W 49. Minucie kolejny raz dobrze podłączył się Chodyna. Prawy obrońca oddał strzał na bramkę Wisły, ale piłkę dobrze wypiąstkował Lis. Sześć minut później na bramkę uderzył Souleymane Kone, ale Karol Podliński skutecznie zablokował strzał iworyjskiego obrońcy „Białej Gwiazdy”. Minutę później gorąco zrobiło się w naszym polu karnym po kornerze dla Wisły – Maciej Sadlok urwał się Kacprowi Chodynie, ale nie wbić piłki do bramki Hładuna. W 60 minucie z rzutu wolnego dośrodkował Filip Starzyński. Z całej sytuacji niewiele jednak wyniknęło, bowiem Karol Podliński zagrał futbolówkę ręka. Parę kolejnych minut upłynęło pod znakiem gry w środku pola. W 67. Minucie świetną długą piłkę wzdłuż linii bocznej posłał Filip Starzyński. Dejan Drazić ścigał się z Żukowa, ale koniec końców przegrał pojedynek z jednym z Wiślaków. Chwilę później kolejną prostopadłą piłkę do Drazicia posłał znów Filip Starzyński. Tym razem Serb strzelił jednak wysoko ponad bramką.
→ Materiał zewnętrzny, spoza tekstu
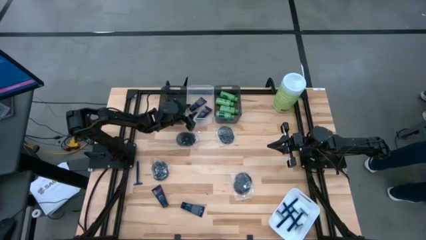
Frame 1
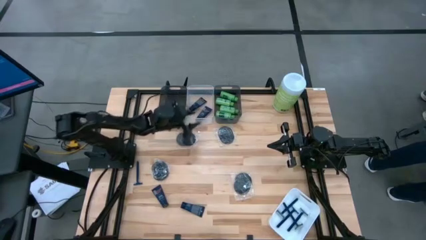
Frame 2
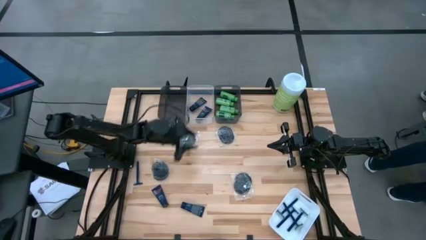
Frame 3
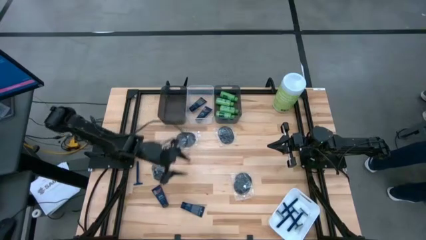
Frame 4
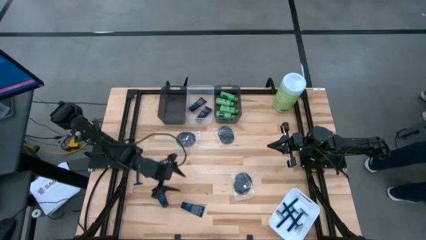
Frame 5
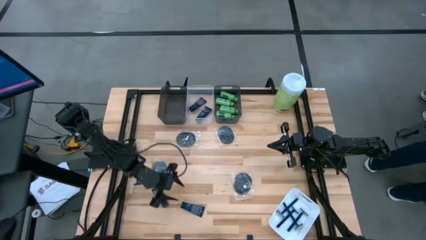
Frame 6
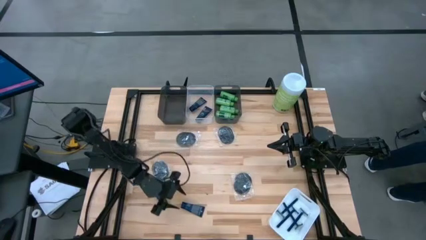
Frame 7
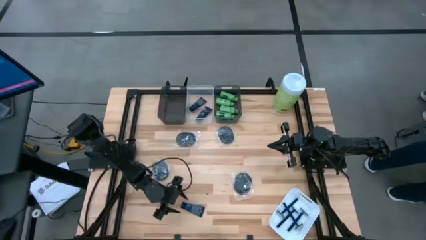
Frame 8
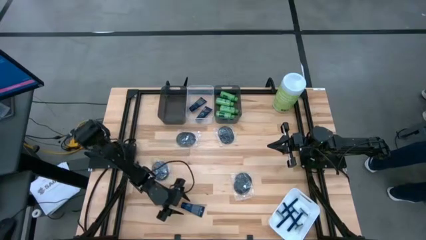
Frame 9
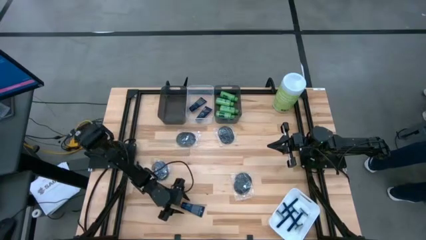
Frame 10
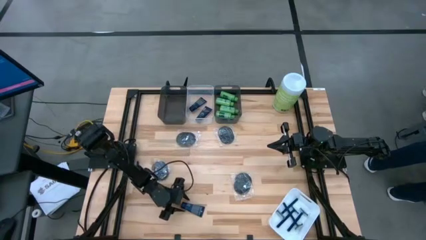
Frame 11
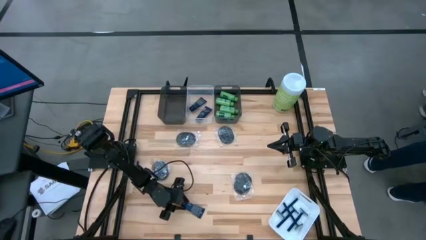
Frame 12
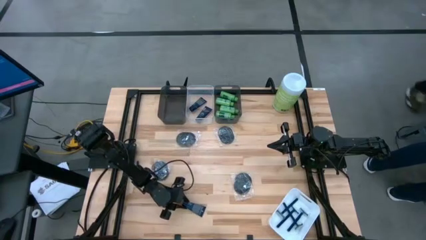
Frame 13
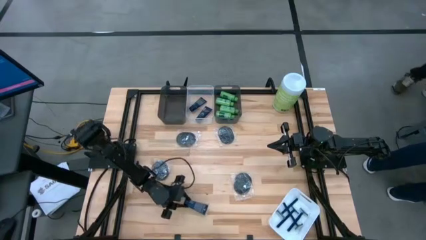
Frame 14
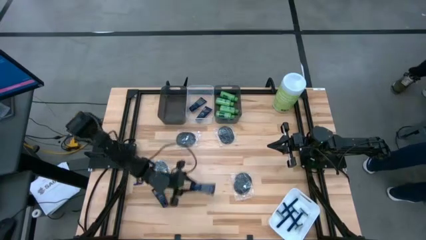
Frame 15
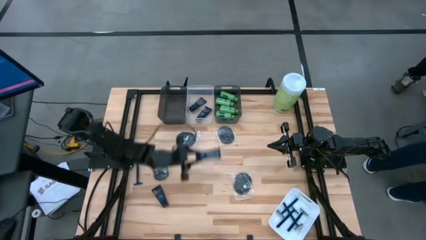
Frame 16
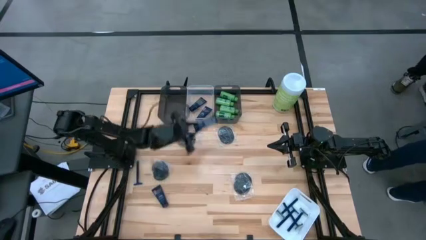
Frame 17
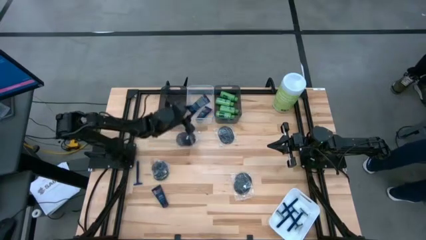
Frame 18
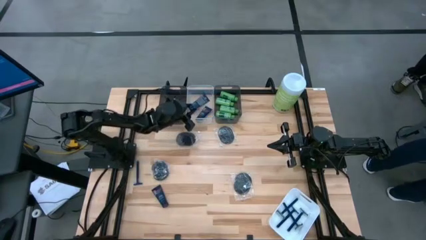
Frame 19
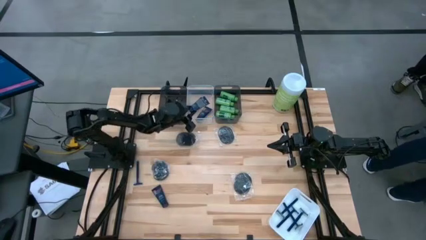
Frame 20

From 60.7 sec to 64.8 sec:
Task: Pick & Place Travel size toiletries
Put the blue shave cream into the transparent bin

W 75. Minucie objęliśmy prowadzenie. Fatalnie w polu karnym zachował się duet Szota – Lis. Całą sytuacje skrzętnie wykorzystał Szysz, który wpakował piłkę do siatki.
Chwilę później przed polem karnym faulowany był rozpędzający się Starzyński. Do piłki podszedł „Figo” i zdjął pajęczynę z siatki Lisa.
Po dwóch szybkich ciosach Wisłą stwarzała sobie coraz mniej sytuacji pod bramką „Miedziowych”. W 82. minucie na bramkę Mateusza Lisa uderzył Drazić. Piłka sparowana przez golkipera Wisły trafiła pod nogi Szysza, ale ten dobijał niecelnie. W 85. Minucie strzał z dystansu oddał Łukasz Łakomy. Starzał urodzonego w 2001 rok.
W 87. Minucie formalności dopełnił Samuel Mraz, który stanąwszy oko w oko z Mateuszem Lisem pokonał bramkarza krakowian.
Trafienie słowackiego napastnika było ostatnim, które mogli zobaczyć tego dnia kibice. Zagłębie Lubin pokonało Wisłę Kraków 4:1, tym samym przełamało blisko czteroletnią niemoc związaną z brakiem trzech wygranych meczów z rzędu.